EverMind Unveils MSA Architecture for 100M-Token Long-Term Memory in LLMs

Groundbreaking memory system delivers industry-leading performance at unprecedented scale

Mar. 19, 2026 at 7:04am

EverMind, a pioneer in AI memory infrastructure, has released a landmark research paper introducing a novel architecture called MSA (Memory Sparse Attention) that enables large language models to achieve efficient, end-to-end long-term memory at the unprecedented scale of 100 million tokens.
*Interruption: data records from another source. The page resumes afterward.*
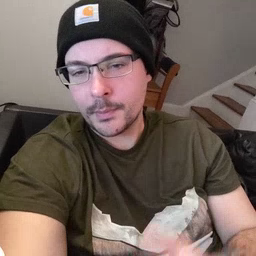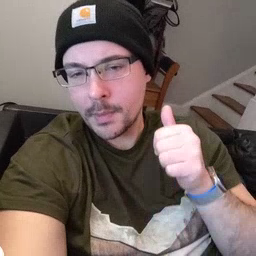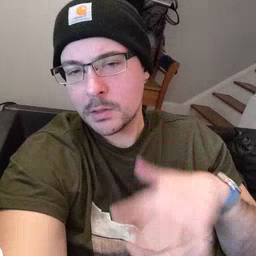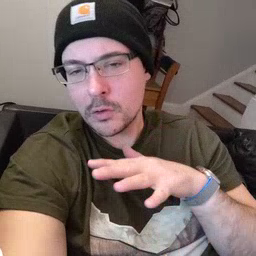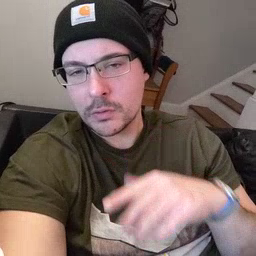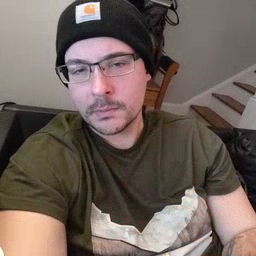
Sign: backyard
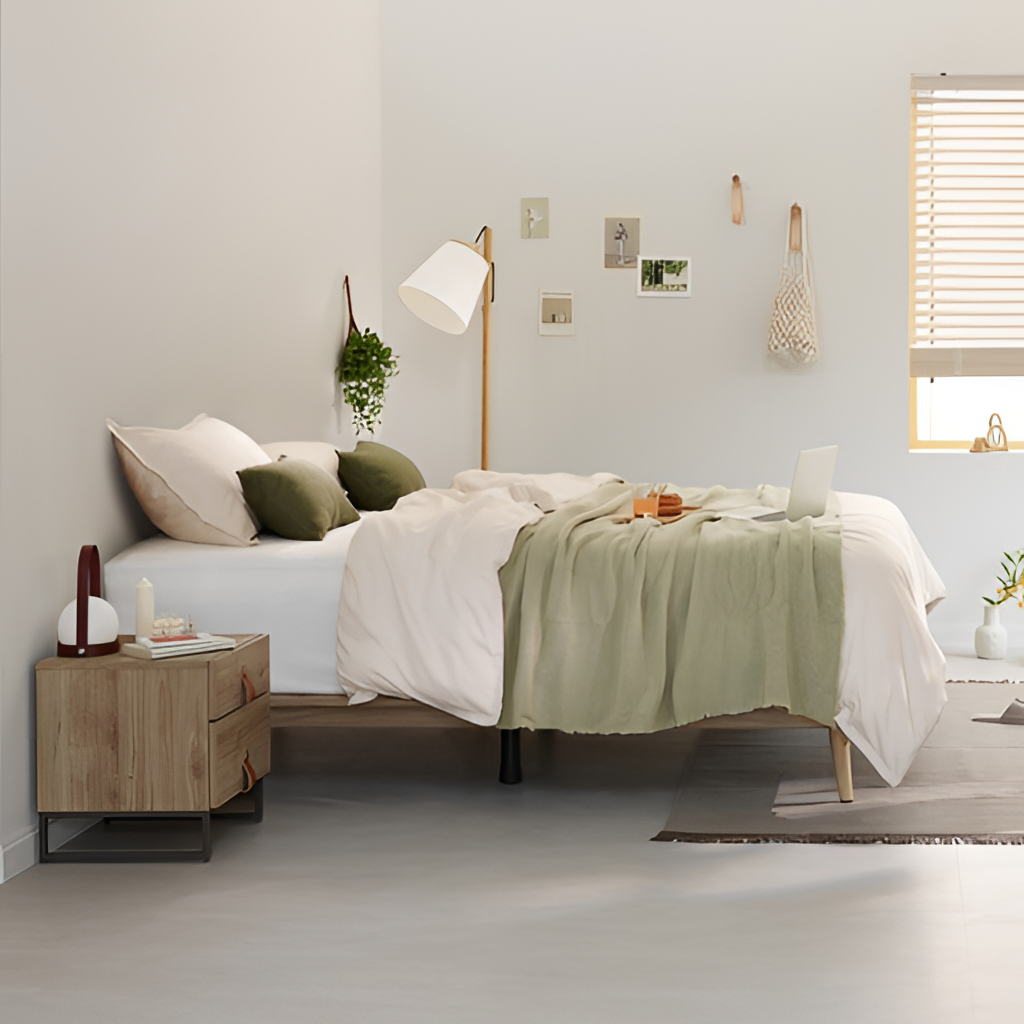
bedroom, wood nightstand, contemporary, tile flooring, with large square pattern, cream paint wallpaper, with solid pattern
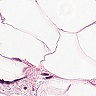
Metastatic tissue present: no

Through a combination of innovative techniques, MSA overcomes the "Impossible Triangle" of LLM long-term memory and sets a new benchmark for scalability and precision.

Why it matters

This work represents a potential milestone in ushering in the new epoch of "Memory-as-a-Service", where memory can act as an independent, pluggable service freely combined with various reasoning cores (LLMs). It paints an exciting blueprint for the future development of the AI ecosystem, where user data and "memory assets" will no longer be locked into any single model or vendor.

The details

The MSA architecture is built on four key pillars of innovation: 1) Memory Sparse Attention, a differentiable, content-based sparsification mechanism that dynamically selects the most relevant memory subsets; 2) Document-wise RoPE, which decouples the internal relative position of a document from its absolute position in the global memory; 3) KV Cache Compression and Memory Parallel, an engineering solution that enables 100M-token inference on just two A800 GPUs; and 4) Memory Interleave, a mechanism that allows the model to perform multiple rounds of "generative retrieval → context expansion" loops for complex multi-hop reasoning.

  • On March 18, 2026, EverMind released the landmark research paper on MSA.
  • The paper is published on Zenodo and open-sourced on GitHub.

The players

EverMind

A pioneer in AI memory infrastructure and a core team deeply incubated by Shanda Group's founder, Tianqiao Chen, with the mission to conquer the long-term memory challenge of AI and move towards AI's Self-Evolving capability.

Shanda Group

The parent company of EverMind, with a strategic focus on building a "Discoverative AI" ecosystem that aims to enable AI to assist humans in discovering new knowledge and solving fundamental problems, rather than merely imitating and recombining existing information.

Got photos? Submit your photos here. ›

The takeaway

EverMind's MSA architecture represents a breakthrough in solving the long-standing challenge of long-term memory in large language models, paving the way for a new era of AI systems with true "lifelong memory" and the ability to engage in complex, multi-hop reasoning at unprecedented scale.